Maybe some day there will be enough cheap compute for open source communities to pool together resources to build competing models but they’re not really there yet :(
Not wrong, decentralized inference is mostly solved (with latency penalties), but without decentralized training true democratization will remain out of reach. Hopefully a breakthrough will ensue, but until then we are dependent on the kindness of corporations (or them rugpulling competitors).
This could also be a part of the RAMpocalypse thing, ‘if there’s not a moat I’ll fucking dig one, damn everyone else’ (and damn SamA). I doubt that’s sustainable long term, but it might get them through to IPO, more’s the pity.
Yeah they’ve been pushing Claude code at work for us non coders jobs to come up with stuff that would help us. We’ve gotten a few surprisingly useful programs out of it, but our assumption is perfect them now before pricing goes through the roof. We are also only creating programs that do not require ongoing AI use. Just a bunch of relatively simple things that make our jobs easier.

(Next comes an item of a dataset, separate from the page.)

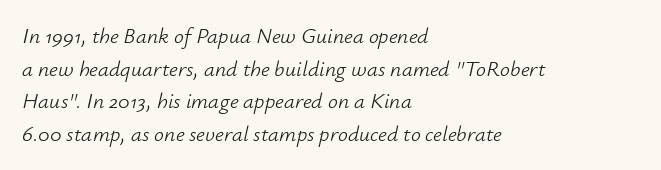
{"italic": "yes", "lean": "right", "slant_degrees": 12, "bold": "no", "underline": "no", "align": "left", "line_spacing": "normal", "line_spacing_ratio": 1.48, "letter_spacing": "normal", "letter_spacing_em": 0.0, "glyph_px": 22}
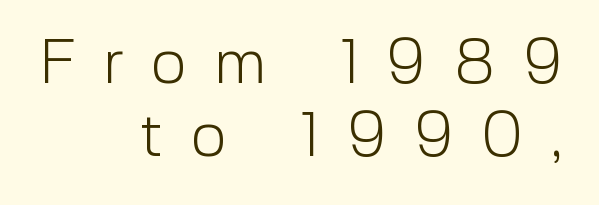
The image shows 62 px light sans-serif type, upright; set right-aligned, line spacing 1.17x, unusually wide letter spacing (+0.44 em), not underlined; a medium x-height.

I am still pushing my boss for some local hw as I think as a group we’ve spent a couple grand in the last month and that is the least of my reasons for wanting a local llm vs subscription.

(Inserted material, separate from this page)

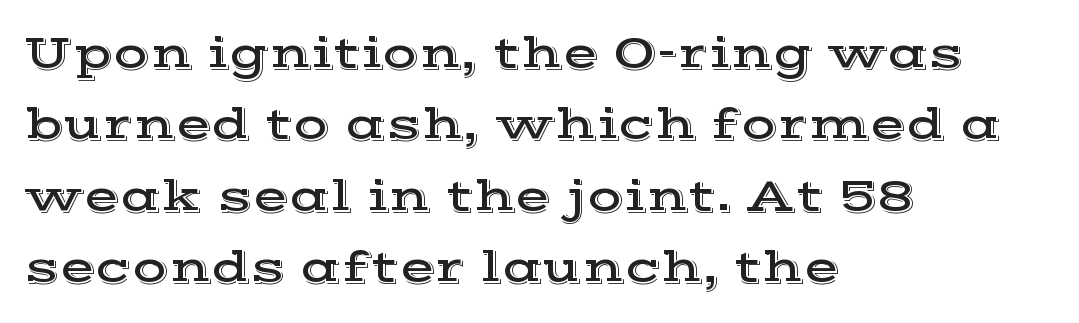
The gap between lines stays unmarked. In CSS terms this would be text-align: left. Notice how the stems are strictly vertical — no italics here. The rendering uses a moderate line-height, typical for paragraphs. Note the varied advance widths — an 'i' is clearly narrower than an 'm'. I'd call this a serif setting — the letters wear small feet.

Another way to look at it would be “if you’ve got a toy project to practice coding without AI on, do it now” before that is the only option.
This is just Gym Economics though, right? They work on the assumption that only a small number of their member will actually use the service heavily, but the overwhelming majority will turn up to use the treadmill a few times then never visit again.
Ok but it would take 70 users paying $200 to cover the cost of $14,000. So if one person maxes out their usage, there needs to be 69 users who do not use their account at all but are still paying. And that’s just the break even point, still no profit for the AI company.
I’m struggling to believe that many people would pay that much and then underuse the subscription. It seems far more likely to me that this pricing model isn’t sustainable.
For a consumer service, absolutely. That’s too much money for a household to ignore and they are actually paying attention.
For a business user? Quite possible. My company bought subscription to one of the providers for every single employee, no matter the role. A large number don’t use it at all (if they do anything, it’s using a chat that’s either free or included with something else), and most of the rest use it lightly. We have only a handful of folks trying to use it as much as possible. Companies frequently just buy for everyone instead of micromanaging who needs or doesn’t need a service.
I thought that Anthropic et al. were charging enterprise accounts based on token usage rather than just a flat subscription fee. That’s why you see things like this.
Even worse, that calculation is based on that their API pricing is currently providing a positive margin. From what I have seen and heard at this point, API pricing is at best breaking even.